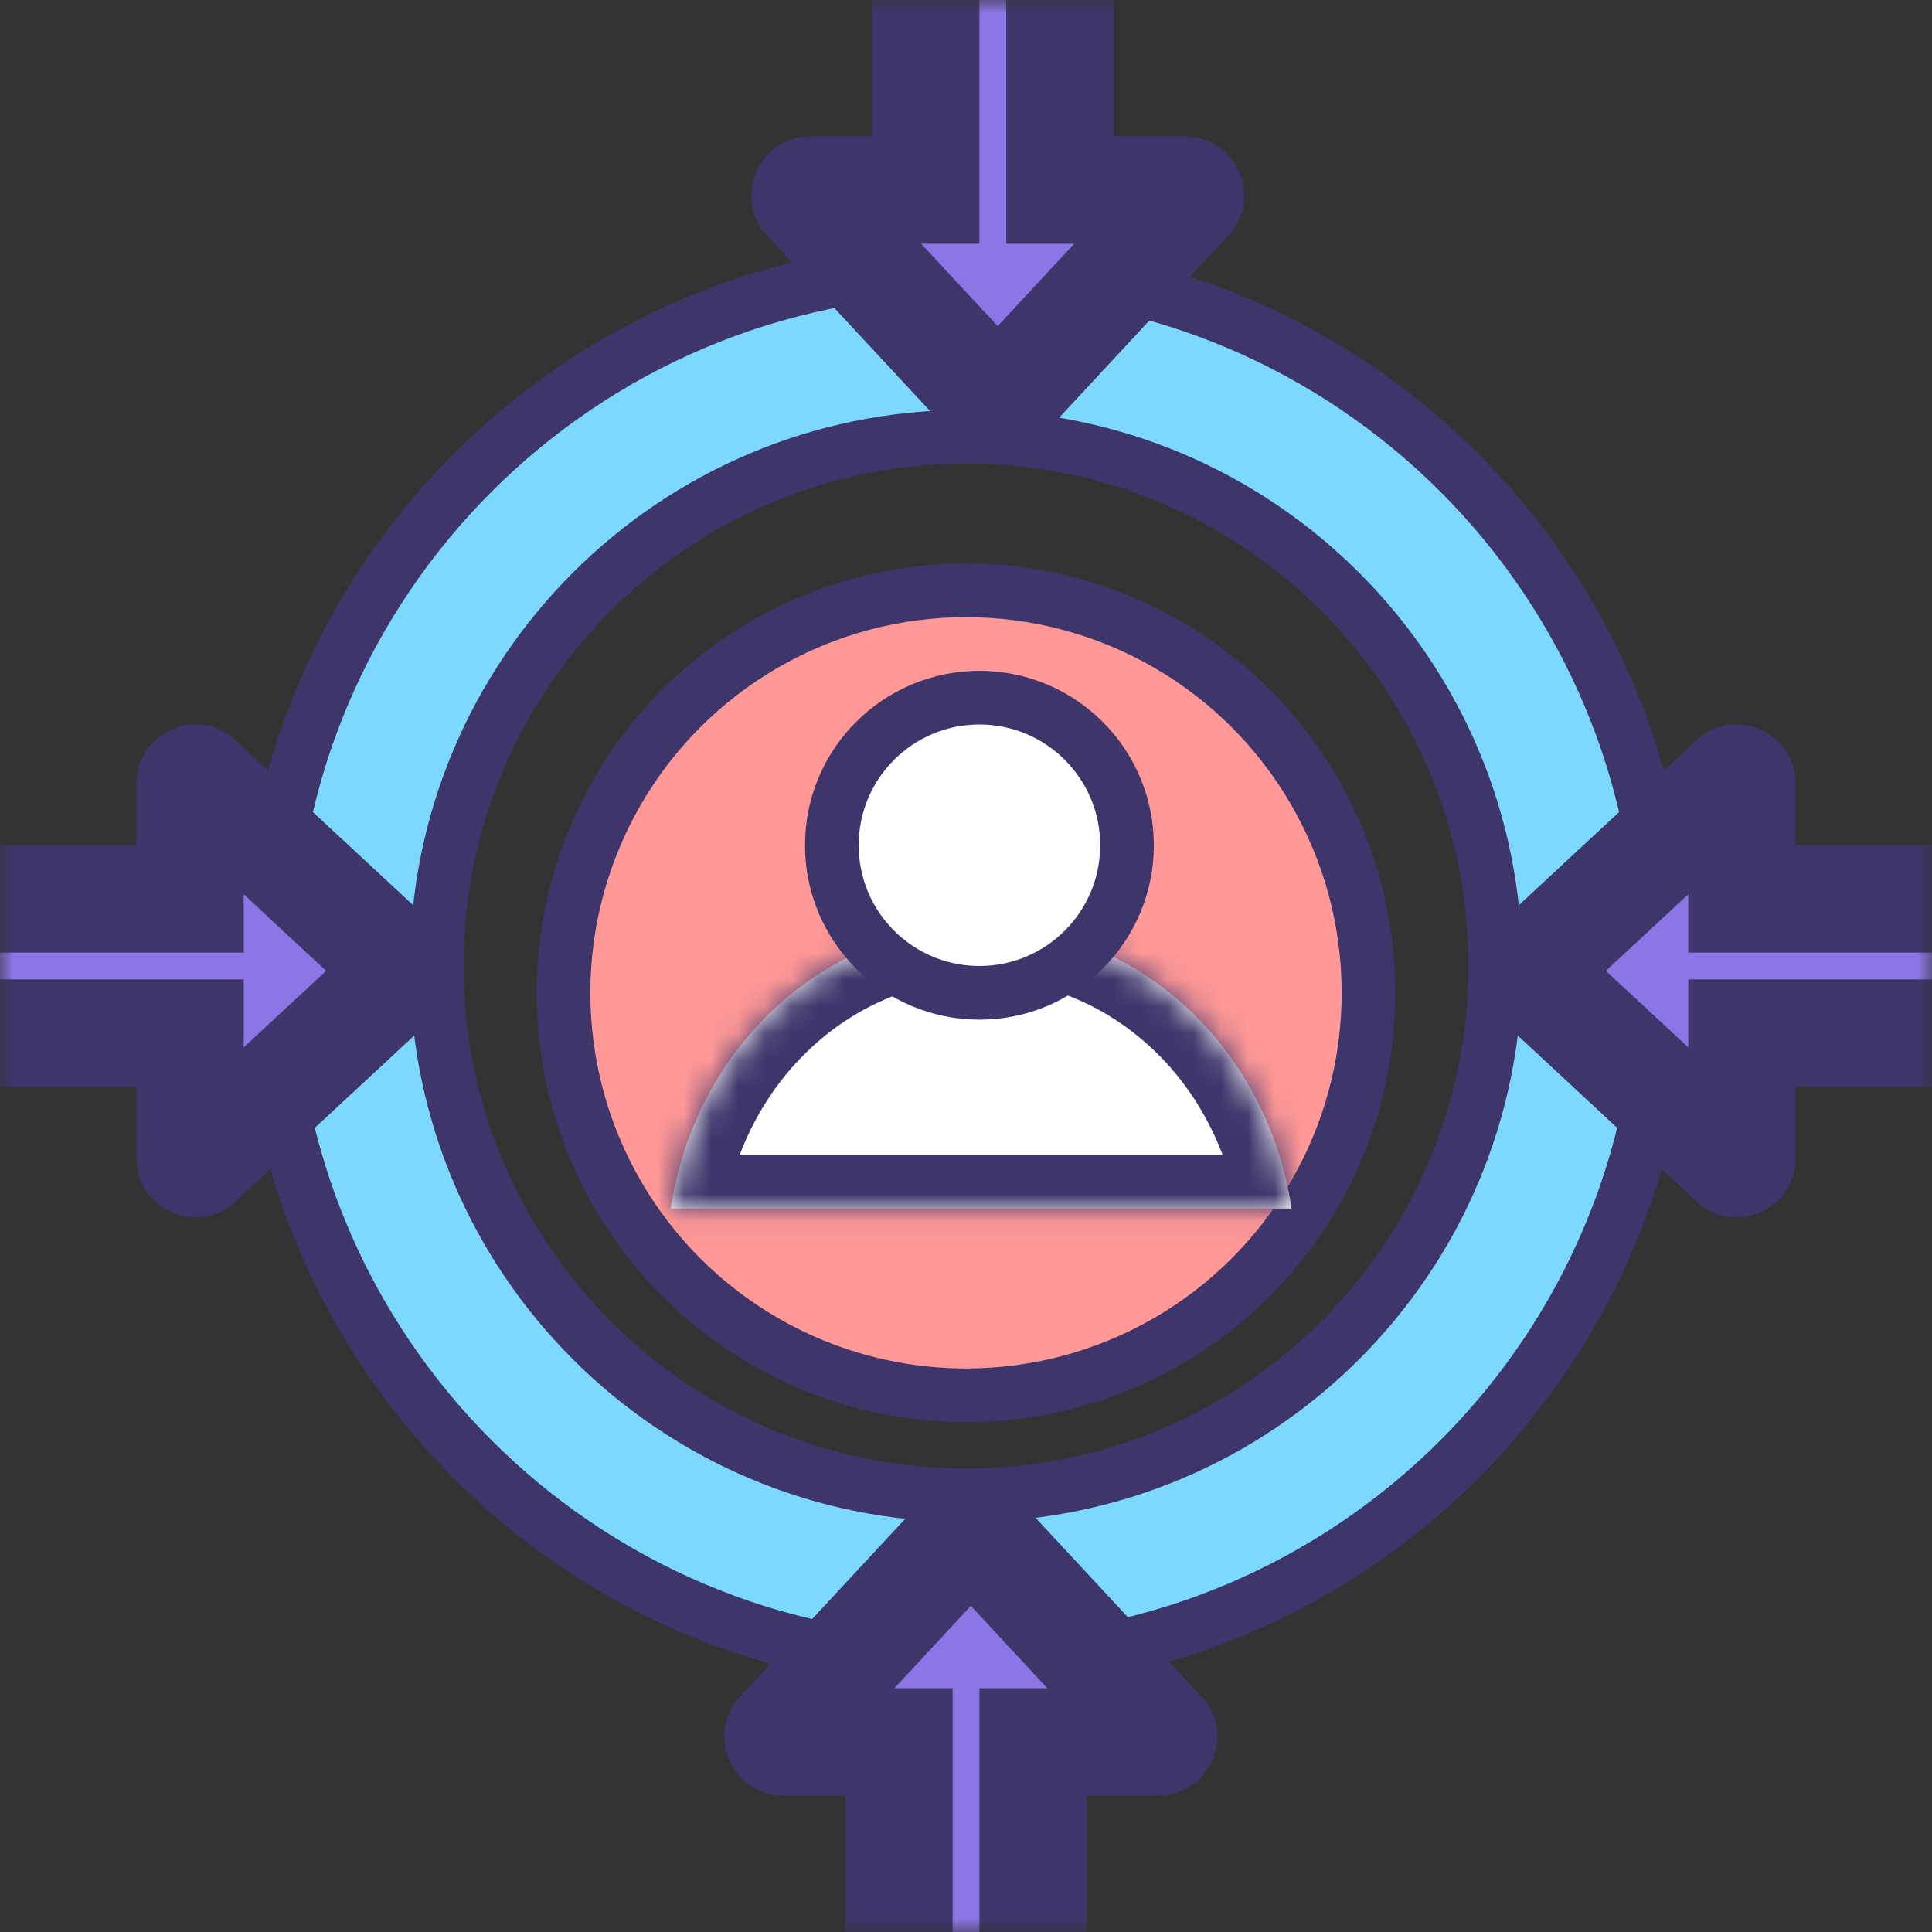 <svg width="72" height="72" viewBox="0 0 72 72" fill="none" xmlns="http://www.w3.org/2000/svg">
<rect x="0" y="0" width="72" height="72" fill="#333333" stroke="none"/>
<path fill-rule="evenodd" clip-rule="evenodd" d="M36 55.724C46.893 55.724 55.724 46.893 55.724 36C55.724 25.107 46.893 16.276 36 16.276C25.107 16.276 16.276 25.107 16.276 36C16.276 46.893 25.107 55.724 36 55.724ZM36 62C50.359 62 62 50.359 62 36C62 21.641 50.359 10 36 10C21.641 10 10 21.641 10 36C10 50.359 21.641 62 36 62Z" fill="#7DD8FE" stroke="#3E356A" stroke-width="2"/>
<circle cx="36" cy="37" r="15" fill="#FF9897" stroke="#3E356A" stroke-width="2"/>
<mask id="path-3-inside-1_9466_14284" fill="white">
<path fill-rule="evenodd" clip-rule="evenodd" d="M25 45.039H48.131C47.253 39.069 42.409 34.502 36.566 34.502C30.722 34.502 25.878 39.069 25 45.039Z"/>
</mask>
<path fill-rule="evenodd" clip-rule="evenodd" d="M25 45.039H48.131C47.253 39.069 42.409 34.502 36.566 34.502C30.722 34.502 25.878 39.069 25 45.039Z" fill="white"/>
<path d="M25 45.039L23.021 44.748L22.684 47.039H25V45.039ZM48.131 45.039V47.039H50.447L50.11 44.748L48.131 45.039ZM25 47.039H48.131V43.039H25V47.039ZM36.566 36.502C41.308 36.502 45.402 40.229 46.152 45.33L50.11 44.748C49.104 37.908 43.511 32.502 36.566 32.502V36.502ZM26.979 45.33C27.729 40.229 31.823 36.502 36.566 36.502V32.502C29.62 32.502 24.027 37.908 23.021 44.748L26.979 45.33Z" fill="#3E356A" mask="url(#path-3-inside-1_9466_14284)"/>
<circle cx="36.5" cy="31.5" r="5.5" fill="white" stroke="#3E356A" stroke-width="2"/>
<mask id="mask0_9466_14284" style="mask-type:alpha" maskUnits="userSpaceOnUse" x="55" y="25" width="17" height="23">
<rect x="55" y="25" width="17" height="23" fill="#D9D9D9"/>
</mask>
<g mask="url(#mask0_9466_14284)">
<mask id="path-7-outside-2_9466_14284" maskUnits="userSpaceOnUse" x="55" y="26" width="22" height="20" fill="black">
<rect fill="white" x="55" y="26" width="22" height="20"/>
<path fill-rule="evenodd" clip-rule="evenodd" d="M57.064 36.327C56.979 36.248 56.979 36.113 57.064 36.034L64.581 29.054C64.709 28.935 64.917 29.026 64.917 29.2V33.5H75V38.5H64.917V43.161C64.917 43.336 64.709 43.427 64.581 43.308L57.064 36.327Z"/>
</mask>
<path fill-rule="evenodd" clip-rule="evenodd" d="M57.064 36.327C56.979 36.248 56.979 36.113 57.064 36.034L64.581 29.054C64.709 28.935 64.917 29.026 64.917 29.2V33.5H75V38.5H64.917V43.161C64.917 43.336 64.709 43.427 64.581 43.308L57.064 36.327Z" fill="#8C75E4"/>
<path d="M57.064 36.034L58.425 37.5L58.425 37.5L57.064 36.034ZM57.064 36.327L58.425 34.862L58.425 34.862L57.064 36.327ZM64.581 29.054L63.22 27.588L63.22 27.588L64.581 29.054ZM64.917 33.5V35.5H62.917V33.5H64.917ZM75 33.5V31.5H77V33.5H75ZM75 38.5H77V40.5H75V38.5ZM64.917 38.5H62.917V36.5H64.917V38.5ZM64.581 43.308L65.942 41.842L65.942 41.842L64.581 43.308ZM58.425 37.5C59.192 36.788 59.192 35.574 58.425 34.862L55.703 37.793C54.766 36.922 54.766 35.439 55.703 34.569L58.425 37.5ZM65.942 30.519L58.425 37.5L55.703 34.569L63.22 27.588L65.942 30.519ZM62.917 29.2C62.917 30.772 64.79 31.589 65.942 30.519L63.22 27.588C64.628 26.281 66.917 27.279 66.917 29.2H62.917ZM62.917 33.5V29.2H66.917V33.5H62.917ZM64.917 31.5H75V35.5H64.917V31.5ZM77 33.5V38.5H73V33.5H77ZM75 40.5H64.917V36.5H75V40.5ZM62.917 43.161V38.5H66.917V43.161H62.917ZM65.942 41.842C64.79 40.773 62.917 41.59 62.917 43.161H66.917C66.917 45.082 64.628 46.081 63.22 44.773L65.942 41.842ZM58.425 34.862L65.942 41.842L63.22 44.773L55.703 37.793L58.425 34.862Z" fill="#3E356A" mask="url(#path-7-outside-2_9466_14284)"/>
</g>
<mask id="mask1_9466_14284" style="mask-type:alpha" maskUnits="userSpaceOnUse" x="26" y="0" width="23" height="17">
<rect x="26" y="17" width="17" height="23" transform="rotate(-90 26 17)" fill="#D9D9D9"/>
</mask>
<g mask="url(#mask1_9466_14284)">
<mask id="path-10-outside-3_9466_14284" maskUnits="userSpaceOnUse" x="27" y="-5" width="20" height="22" fill="black">
<rect fill="white" x="27" y="-5" width="20" height="22"/>
<path fill-rule="evenodd" clip-rule="evenodd" d="M37.327 14.936C37.248 15.021 37.113 15.021 37.034 14.936L30.054 7.419C29.935 7.291 30.026 7.083 30.2 7.083L34.5 7.083L34.5 -3L39.5 -3L39.5 7.083L44.161 7.083C44.336 7.083 44.427 7.291 44.308 7.419L37.327 14.936Z"/>
</mask>
<path fill-rule="evenodd" clip-rule="evenodd" d="M37.327 14.936C37.248 15.021 37.113 15.021 37.034 14.936L30.054 7.419C29.935 7.291 30.026 7.083 30.2 7.083L34.5 7.083L34.5 -3L39.5 -3L39.5 7.083L44.161 7.083C44.336 7.083 44.427 7.291 44.308 7.419L37.327 14.936Z" fill="#8C75E4"/>
<path d="M37.034 14.936L38.5 13.575L38.5 13.575L37.034 14.936ZM37.327 14.936L35.862 13.575L35.862 13.575L37.327 14.936ZM30.054 7.419L28.588 8.78L28.588 8.78L30.054 7.419ZM34.5 7.083L36.5 7.083L36.5 9.083L34.5 9.083L34.5 7.083ZM34.5 -3L32.5 -3L32.5 -5L34.5 -5L34.5 -3ZM39.5 -3L39.5 -5L41.5 -5L41.5 -3L39.5 -3ZM39.5 7.083L39.5 9.083L37.5 9.083L37.5 7.083L39.5 7.083ZM44.161 7.083L44.161 5.083L44.161 7.083ZM44.308 7.419L42.842 6.058L42.842 6.058L44.308 7.419ZM38.5 13.575C37.788 12.808 36.574 12.808 35.862 13.575L38.793 16.297C37.922 17.234 36.439 17.234 35.569 16.297L38.5 13.575ZM31.519 6.058L38.5 13.575L35.569 16.297L28.588 8.78L31.519 6.058ZM30.2 9.083C31.772 9.083 32.589 7.21 31.519 6.058L28.588 8.78C27.281 7.372 28.279 5.083 30.2 5.083L30.2 9.083ZM34.5 9.083L30.2 9.083L30.2 5.083L34.5 5.083L34.5 9.083ZM32.5 7.083L32.5 -3L36.5 -3L36.5 7.083L32.5 7.083ZM34.5 -5L39.5 -5L39.5 -1L34.5 -1L34.5 -5ZM41.5 -3L41.5 7.083L37.5 7.083L37.5 -3L41.5 -3ZM44.161 9.083L39.5 9.083L39.5 5.083L44.161 5.083L44.161 9.083ZM42.842 6.058C41.773 7.21 42.59 9.083 44.161 9.083L44.161 5.083C46.082 5.083 47.081 7.372 45.773 8.78L42.842 6.058ZM35.862 13.575L42.842 6.058L45.773 8.78L38.793 16.297L35.862 13.575Z" fill="#3E356A" mask="url(#path-10-outside-3_9466_14284)"/>
</g>
<mask id="mask2_9466_14284" style="mask-type:alpha" maskUnits="userSpaceOnUse" x="25" y="55" width="23" height="17">
<rect width="17" height="23" transform="matrix(-4.37114e-08 1 1 4.37114e-08 25 55)" fill="#D9D9D9"/>
</mask>
<g mask="url(#mask2_9466_14284)">
<mask id="path-13-outside-4_9466_14284" maskUnits="userSpaceOnUse" x="26" y="55" width="20" height="22" fill="black">
<rect fill="white" x="26" y="55" width="20" height="22"/>
<path fill-rule="evenodd" clip-rule="evenodd" d="M36.327 57.064C36.248 56.979 36.113 56.979 36.034 57.064L29.054 64.581C28.935 64.709 29.026 64.917 29.2 64.917L33.5 64.917L33.5 75L38.5 75L38.5 64.917L43.161 64.917C43.336 64.917 43.427 64.709 43.308 64.581L36.327 57.064Z"/>
</mask>
<path fill-rule="evenodd" clip-rule="evenodd" d="M36.327 57.064C36.248 56.979 36.113 56.979 36.034 57.064L29.054 64.581C28.935 64.709 29.026 64.917 29.2 64.917L33.5 64.917L33.5 75L38.5 75L38.5 64.917L43.161 64.917C43.336 64.917 43.427 64.709 43.308 64.581L36.327 57.064Z" fill="#8C75E4"/>
<path d="M36.034 57.064L37.5 58.425L37.5 58.425L36.034 57.064ZM36.327 57.064L34.862 58.425L34.862 58.425L36.327 57.064ZM29.054 64.581L27.588 63.22L27.588 63.22L29.054 64.581ZM33.5 64.917L35.5 64.917L35.5 62.917L33.5 62.917L33.5 64.917ZM33.5 75L31.5 75L31.5 77L33.5 77L33.5 75ZM38.5 75L38.5 77L40.5 77L40.5 75L38.5 75ZM38.5 64.917L38.5 62.917L36.5 62.917L36.5 64.917L38.5 64.917ZM43.308 64.581L41.842 65.942L41.842 65.942L43.308 64.581ZM37.5 58.425C36.788 59.192 35.574 59.192 34.862 58.425L37.793 55.703C36.922 54.766 35.439 54.766 34.569 55.703L37.5 58.425ZM30.519 65.942L37.5 58.425L34.569 55.703L27.588 63.22L30.519 65.942ZM29.2 62.917C30.772 62.917 31.589 64.79 30.519 65.942L27.588 63.22C26.281 64.628 27.279 66.917 29.2 66.917L29.2 62.917ZM33.5 62.917L29.2 62.917L29.2 66.917L33.5 66.917L33.5 62.917ZM31.5 64.917L31.5 75L35.5 75L35.5 64.917L31.5 64.917ZM33.5 77L38.5 77L38.5 73L33.5 73L33.5 77ZM40.5 75L40.5 64.917L36.5 64.917L36.5 75L40.5 75ZM43.161 62.917L38.5 62.917L38.5 66.917L43.161 66.917L43.161 62.917ZM41.842 65.942C40.773 64.79 41.59 62.917 43.161 62.917L43.161 66.917C45.082 66.917 46.081 64.628 44.773 63.22L41.842 65.942ZM34.862 58.425L41.842 65.942L44.773 63.22L37.793 55.703L34.862 58.425Z" fill="#3E356A" mask="url(#path-13-outside-4_9466_14284)"/>
</g>
<mask id="mask3_9466_14284" style="mask-type:alpha" maskUnits="userSpaceOnUse" x="0" y="25" width="17" height="23">
<rect width="17" height="23" transform="matrix(-1 0 0 1 17 25)" fill="#D9D9D9"/>
</mask>
<g mask="url(#mask3_9466_14284)">
<mask id="path-16-outside-5_9466_14284" maskUnits="userSpaceOnUse" x="-5" y="26" width="22" height="20" fill="black">
<rect fill="white" x="-5" y="26" width="22" height="20"/>
<path fill-rule="evenodd" clip-rule="evenodd" d="M14.936 36.327C15.021 36.248 15.021 36.113 14.936 36.034L7.419 29.054C7.291 28.935 7.083 29.026 7.083 29.2V33.5H-3V38.5H7.083V43.161C7.083 43.336 7.291 43.427 7.419 43.308L14.936 36.327Z"/>
</mask>
<path fill-rule="evenodd" clip-rule="evenodd" d="M14.936 36.327C15.021 36.248 15.021 36.113 14.936 36.034L7.419 29.054C7.291 28.935 7.083 29.026 7.083 29.2V33.5H-3V38.5H7.083V43.161C7.083 43.336 7.291 43.427 7.419 43.308L14.936 36.327Z" fill="#8C75E4"/>
<path d="M14.936 36.034L13.575 37.5L13.575 37.5L14.936 36.034ZM14.936 36.327L13.575 34.862L13.575 34.862L14.936 36.327ZM7.419 29.054L8.78 27.588L8.78 27.588L7.419 29.054ZM7.083 33.5V35.5H9.083V33.5H7.083ZM-3 33.5V31.5H-5V33.5H-3ZM-3 38.5H-5V40.5H-3V38.5ZM7.083 38.5H9.083V36.5H7.083V38.5ZM7.419 43.308L6.058 41.842L6.058 41.842L7.419 43.308ZM13.575 37.5C12.808 36.788 12.808 35.574 13.575 34.862L16.297 37.793C17.234 36.922 17.234 35.439 16.297 34.569L13.575 37.5ZM6.058 30.519L13.575 37.5L16.297 34.569L8.78 27.588L6.058 30.519ZM9.083 29.2C9.083 30.772 7.21 31.589 6.058 30.519L8.78 27.588C7.372 26.281 5.083 27.279 5.083 29.2H9.083ZM9.083 33.5V29.2H5.083V33.5H9.083ZM7.083 31.5H-3V35.5H7.083V31.5ZM-5 33.5V38.5H-1V33.5H-5ZM-3 40.5H7.083V36.5H-3V40.5ZM9.083 43.161V38.5H5.083V43.161H9.083ZM6.058 41.842C7.21 40.773 9.083 41.59 9.083 43.161H5.083C5.083 45.082 7.372 46.081 8.78 44.773L6.058 41.842ZM13.575 34.862L6.058 41.842L8.78 44.773L16.297 37.793L13.575 34.862Z" fill="#3E356A" mask="url(#path-16-outside-5_9466_14284)"/>
</g>
</svg>

--

Action item — The required answer is the count of lines in the listing that contain the word "inside", with no other text.

Response to this task — 2